L’aliénation des cadres sportifs aux fédérations
« Il est hors de question de supprimer ces postes. » Questionnée mardi 9 avril, la ministre des sports, Roxana Maracineanu, a, à une autre foi, essayer de rassurer les conseillers techniques sportifs (CTS). Depuis la demande de Matignon à son ministère, en septembre 2018, de supprimer 1 600 postes d’ici à 2022 en ciblant ces cadres d’État, caractéristique et rouage du modèle sportif français, le monde du sport français s’inquiète.
Une « lettre blanche » du ministère des sports, confirmant des informations du Parisien, nous montre le futur de ces « chevilles ouvrières du sport français », comme ces cadres sportifs sont souvent qualifiés : ils devront passer graduellement, et sur la base du volontariat, sous la tutelle des différentes fédérations d’ici à 2025, leur détachement devenant ensuite obligatoire.
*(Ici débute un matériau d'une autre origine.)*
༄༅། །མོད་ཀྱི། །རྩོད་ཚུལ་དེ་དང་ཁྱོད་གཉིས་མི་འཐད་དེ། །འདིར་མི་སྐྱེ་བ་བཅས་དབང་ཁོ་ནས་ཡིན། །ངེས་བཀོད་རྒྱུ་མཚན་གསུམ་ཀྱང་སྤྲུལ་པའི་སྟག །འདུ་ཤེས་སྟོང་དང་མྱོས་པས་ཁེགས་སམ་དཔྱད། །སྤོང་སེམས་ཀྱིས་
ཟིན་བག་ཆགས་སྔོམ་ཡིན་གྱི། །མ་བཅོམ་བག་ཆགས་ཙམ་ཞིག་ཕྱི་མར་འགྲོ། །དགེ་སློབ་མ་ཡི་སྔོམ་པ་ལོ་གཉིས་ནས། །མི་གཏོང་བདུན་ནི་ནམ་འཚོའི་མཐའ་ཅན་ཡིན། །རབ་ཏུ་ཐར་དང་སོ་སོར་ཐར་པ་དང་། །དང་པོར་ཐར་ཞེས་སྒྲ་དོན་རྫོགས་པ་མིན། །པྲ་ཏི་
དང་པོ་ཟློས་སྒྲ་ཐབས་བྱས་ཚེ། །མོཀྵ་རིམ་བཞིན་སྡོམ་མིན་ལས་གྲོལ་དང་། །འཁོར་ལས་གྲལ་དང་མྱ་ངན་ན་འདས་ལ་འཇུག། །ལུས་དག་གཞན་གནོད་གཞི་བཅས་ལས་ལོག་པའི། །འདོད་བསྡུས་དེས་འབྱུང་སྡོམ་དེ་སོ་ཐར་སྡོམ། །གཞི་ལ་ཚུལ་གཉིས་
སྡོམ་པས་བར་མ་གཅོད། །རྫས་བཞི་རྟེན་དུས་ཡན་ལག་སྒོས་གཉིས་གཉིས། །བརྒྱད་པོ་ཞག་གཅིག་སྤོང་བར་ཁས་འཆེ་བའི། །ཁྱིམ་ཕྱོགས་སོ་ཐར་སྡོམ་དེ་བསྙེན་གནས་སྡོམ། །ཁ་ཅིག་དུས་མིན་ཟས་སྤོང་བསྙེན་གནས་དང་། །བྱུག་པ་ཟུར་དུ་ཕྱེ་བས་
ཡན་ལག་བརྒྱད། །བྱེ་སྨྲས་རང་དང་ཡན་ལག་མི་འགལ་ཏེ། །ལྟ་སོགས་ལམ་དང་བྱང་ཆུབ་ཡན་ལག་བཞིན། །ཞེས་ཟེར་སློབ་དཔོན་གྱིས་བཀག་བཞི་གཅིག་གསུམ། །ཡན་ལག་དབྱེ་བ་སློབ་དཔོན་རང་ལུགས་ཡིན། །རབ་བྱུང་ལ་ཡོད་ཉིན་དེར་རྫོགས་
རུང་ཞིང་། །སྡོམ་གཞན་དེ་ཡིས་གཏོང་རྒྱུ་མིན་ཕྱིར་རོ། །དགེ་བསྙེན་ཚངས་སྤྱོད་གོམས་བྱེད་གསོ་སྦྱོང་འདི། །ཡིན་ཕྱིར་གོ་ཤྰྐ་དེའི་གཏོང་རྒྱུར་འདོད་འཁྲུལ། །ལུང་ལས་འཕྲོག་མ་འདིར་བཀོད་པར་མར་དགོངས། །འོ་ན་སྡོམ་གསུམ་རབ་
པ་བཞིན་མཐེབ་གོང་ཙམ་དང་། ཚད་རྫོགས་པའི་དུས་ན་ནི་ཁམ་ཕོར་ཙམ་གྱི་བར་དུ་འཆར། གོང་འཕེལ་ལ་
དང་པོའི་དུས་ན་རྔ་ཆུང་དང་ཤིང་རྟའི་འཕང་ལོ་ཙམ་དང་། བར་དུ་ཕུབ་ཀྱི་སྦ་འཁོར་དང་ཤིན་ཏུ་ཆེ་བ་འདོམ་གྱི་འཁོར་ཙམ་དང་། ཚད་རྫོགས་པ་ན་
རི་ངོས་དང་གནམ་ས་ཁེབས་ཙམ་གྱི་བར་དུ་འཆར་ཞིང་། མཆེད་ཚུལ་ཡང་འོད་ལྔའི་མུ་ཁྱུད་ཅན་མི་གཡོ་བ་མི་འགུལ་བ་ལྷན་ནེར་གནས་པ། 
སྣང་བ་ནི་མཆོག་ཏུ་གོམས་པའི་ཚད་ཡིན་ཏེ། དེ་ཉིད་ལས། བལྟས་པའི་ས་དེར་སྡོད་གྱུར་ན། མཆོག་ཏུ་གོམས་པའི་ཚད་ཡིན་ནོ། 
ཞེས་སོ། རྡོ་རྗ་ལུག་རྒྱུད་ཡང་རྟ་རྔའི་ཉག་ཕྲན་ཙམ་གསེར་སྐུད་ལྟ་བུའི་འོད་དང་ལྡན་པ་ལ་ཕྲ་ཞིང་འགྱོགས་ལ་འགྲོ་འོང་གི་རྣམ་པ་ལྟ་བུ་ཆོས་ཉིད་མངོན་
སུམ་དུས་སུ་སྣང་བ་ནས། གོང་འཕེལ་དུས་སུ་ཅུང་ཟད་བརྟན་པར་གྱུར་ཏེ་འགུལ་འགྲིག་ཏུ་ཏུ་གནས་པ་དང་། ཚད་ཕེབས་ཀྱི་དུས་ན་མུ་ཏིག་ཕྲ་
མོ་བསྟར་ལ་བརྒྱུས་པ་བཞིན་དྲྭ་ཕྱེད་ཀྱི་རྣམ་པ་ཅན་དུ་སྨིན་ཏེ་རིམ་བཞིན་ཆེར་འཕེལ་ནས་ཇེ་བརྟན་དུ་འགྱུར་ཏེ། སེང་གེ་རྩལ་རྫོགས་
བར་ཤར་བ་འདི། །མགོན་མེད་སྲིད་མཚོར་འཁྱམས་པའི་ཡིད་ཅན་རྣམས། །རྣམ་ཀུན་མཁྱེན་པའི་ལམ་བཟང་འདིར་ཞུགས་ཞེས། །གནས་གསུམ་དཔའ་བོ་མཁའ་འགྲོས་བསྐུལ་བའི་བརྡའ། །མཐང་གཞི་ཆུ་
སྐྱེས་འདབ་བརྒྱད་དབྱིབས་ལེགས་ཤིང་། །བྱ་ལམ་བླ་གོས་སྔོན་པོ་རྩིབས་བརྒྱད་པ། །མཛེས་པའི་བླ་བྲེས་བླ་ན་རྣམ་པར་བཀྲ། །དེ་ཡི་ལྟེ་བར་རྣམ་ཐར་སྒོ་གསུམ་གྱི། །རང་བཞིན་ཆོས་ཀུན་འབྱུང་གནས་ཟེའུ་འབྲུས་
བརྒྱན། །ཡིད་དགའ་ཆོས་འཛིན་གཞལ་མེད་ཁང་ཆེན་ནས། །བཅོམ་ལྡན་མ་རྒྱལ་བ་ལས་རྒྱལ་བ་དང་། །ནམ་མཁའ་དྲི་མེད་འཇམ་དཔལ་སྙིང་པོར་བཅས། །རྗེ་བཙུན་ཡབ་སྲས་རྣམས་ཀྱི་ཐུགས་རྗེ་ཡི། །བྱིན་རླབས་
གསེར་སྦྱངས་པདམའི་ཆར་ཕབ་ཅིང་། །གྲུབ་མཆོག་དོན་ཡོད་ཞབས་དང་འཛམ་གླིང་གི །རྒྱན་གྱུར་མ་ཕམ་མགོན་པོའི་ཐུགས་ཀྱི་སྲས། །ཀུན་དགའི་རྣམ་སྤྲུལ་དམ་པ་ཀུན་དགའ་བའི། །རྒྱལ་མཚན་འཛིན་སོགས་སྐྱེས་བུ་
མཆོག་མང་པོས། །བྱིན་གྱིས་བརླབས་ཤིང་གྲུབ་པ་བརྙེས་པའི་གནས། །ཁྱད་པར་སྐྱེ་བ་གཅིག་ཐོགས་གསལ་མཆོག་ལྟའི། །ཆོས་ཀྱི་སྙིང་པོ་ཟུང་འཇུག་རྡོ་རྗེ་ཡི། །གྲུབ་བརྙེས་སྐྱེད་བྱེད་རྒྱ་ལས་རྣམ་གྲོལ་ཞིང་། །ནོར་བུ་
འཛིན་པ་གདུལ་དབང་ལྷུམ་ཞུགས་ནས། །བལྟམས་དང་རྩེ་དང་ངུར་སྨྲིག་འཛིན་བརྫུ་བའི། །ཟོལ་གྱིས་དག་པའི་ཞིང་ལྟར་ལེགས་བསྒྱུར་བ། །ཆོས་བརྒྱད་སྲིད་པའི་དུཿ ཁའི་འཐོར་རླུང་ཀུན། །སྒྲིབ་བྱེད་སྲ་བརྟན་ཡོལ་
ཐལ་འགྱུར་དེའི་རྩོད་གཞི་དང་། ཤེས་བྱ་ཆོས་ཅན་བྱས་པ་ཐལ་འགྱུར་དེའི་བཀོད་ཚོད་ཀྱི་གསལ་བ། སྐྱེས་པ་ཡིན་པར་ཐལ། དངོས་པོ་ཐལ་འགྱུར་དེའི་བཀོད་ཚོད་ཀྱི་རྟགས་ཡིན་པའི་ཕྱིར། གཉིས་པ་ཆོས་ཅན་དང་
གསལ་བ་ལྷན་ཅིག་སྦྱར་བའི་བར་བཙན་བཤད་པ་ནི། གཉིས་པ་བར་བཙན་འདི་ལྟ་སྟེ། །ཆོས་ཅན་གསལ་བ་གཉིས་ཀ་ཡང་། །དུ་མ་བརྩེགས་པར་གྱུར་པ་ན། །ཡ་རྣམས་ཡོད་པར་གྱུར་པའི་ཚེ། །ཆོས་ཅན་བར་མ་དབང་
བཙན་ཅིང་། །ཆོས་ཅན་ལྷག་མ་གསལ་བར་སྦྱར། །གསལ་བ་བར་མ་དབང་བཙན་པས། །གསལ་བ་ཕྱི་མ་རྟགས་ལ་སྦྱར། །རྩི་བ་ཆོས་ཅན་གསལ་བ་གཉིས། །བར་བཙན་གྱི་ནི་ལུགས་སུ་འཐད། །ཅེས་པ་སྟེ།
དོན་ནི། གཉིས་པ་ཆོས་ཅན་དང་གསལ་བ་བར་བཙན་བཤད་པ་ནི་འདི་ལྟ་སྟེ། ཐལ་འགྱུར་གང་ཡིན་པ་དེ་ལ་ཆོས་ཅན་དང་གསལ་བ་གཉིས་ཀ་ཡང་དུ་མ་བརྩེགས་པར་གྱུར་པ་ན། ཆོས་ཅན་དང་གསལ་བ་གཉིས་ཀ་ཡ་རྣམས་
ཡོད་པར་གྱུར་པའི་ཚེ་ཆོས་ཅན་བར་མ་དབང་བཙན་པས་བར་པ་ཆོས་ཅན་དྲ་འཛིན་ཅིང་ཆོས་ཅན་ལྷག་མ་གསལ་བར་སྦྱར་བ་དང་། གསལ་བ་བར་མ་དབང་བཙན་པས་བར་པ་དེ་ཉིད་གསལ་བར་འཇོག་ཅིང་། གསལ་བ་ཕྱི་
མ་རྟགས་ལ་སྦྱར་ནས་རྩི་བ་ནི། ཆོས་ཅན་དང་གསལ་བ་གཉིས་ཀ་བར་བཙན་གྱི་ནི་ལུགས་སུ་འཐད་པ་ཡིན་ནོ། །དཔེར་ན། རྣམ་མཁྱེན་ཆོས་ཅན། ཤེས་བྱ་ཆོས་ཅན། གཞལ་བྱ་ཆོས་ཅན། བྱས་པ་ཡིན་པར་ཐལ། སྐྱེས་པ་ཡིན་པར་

L’équipe de Roxana Maracineanu insiste sur le fait qu’il s’agit là d’un document de travail, non encore approuvé par la ministre, qui projette des « perspectives de travail » sur « un modèle qui va être réformé ». Mais les grandes lignes de l’évolution espérée par le gouvernement, à savoir un désengagement de l’Etat dans le fonctionnement du sport français, sont là. Tour d’horizon de ce qui se prépare.
Quand on parle de CTS, de quoi et de qui s’agit-il ?
Qu’ils soient directeurs techniques nationaux, entraîneurs nationaux ou conseillers techniques nationaux et régionaux, les 1 600 CTS garantissent la mise en place des politiques publiques dans le domaine de l’éducation, l’assimilation, la lutte contre le dopage…
Quel est le projet du gouvernement ?
« La réforme que j’engage va vers une plus grande autonomie des fédérations et une plus grande responsabilité des résultats sportifs qu’elles mettent en place, a résumé Roxana Maracineanu, mardi. Mais aussi qu’elles soient responsables des plans de développement des politiques sportives. »
« Ces 1 600 cadres techniques, actuellement fonctionnaires d’État mis à disposition des fédérations gratuitement, on a envie qu’ils deviennent des cadres techniques au service des fédérations », a déclaré Mme Maracineanu. Ils « ne perdront pas leur statut » [de fonctionnaire], insiste-t-on au ministère.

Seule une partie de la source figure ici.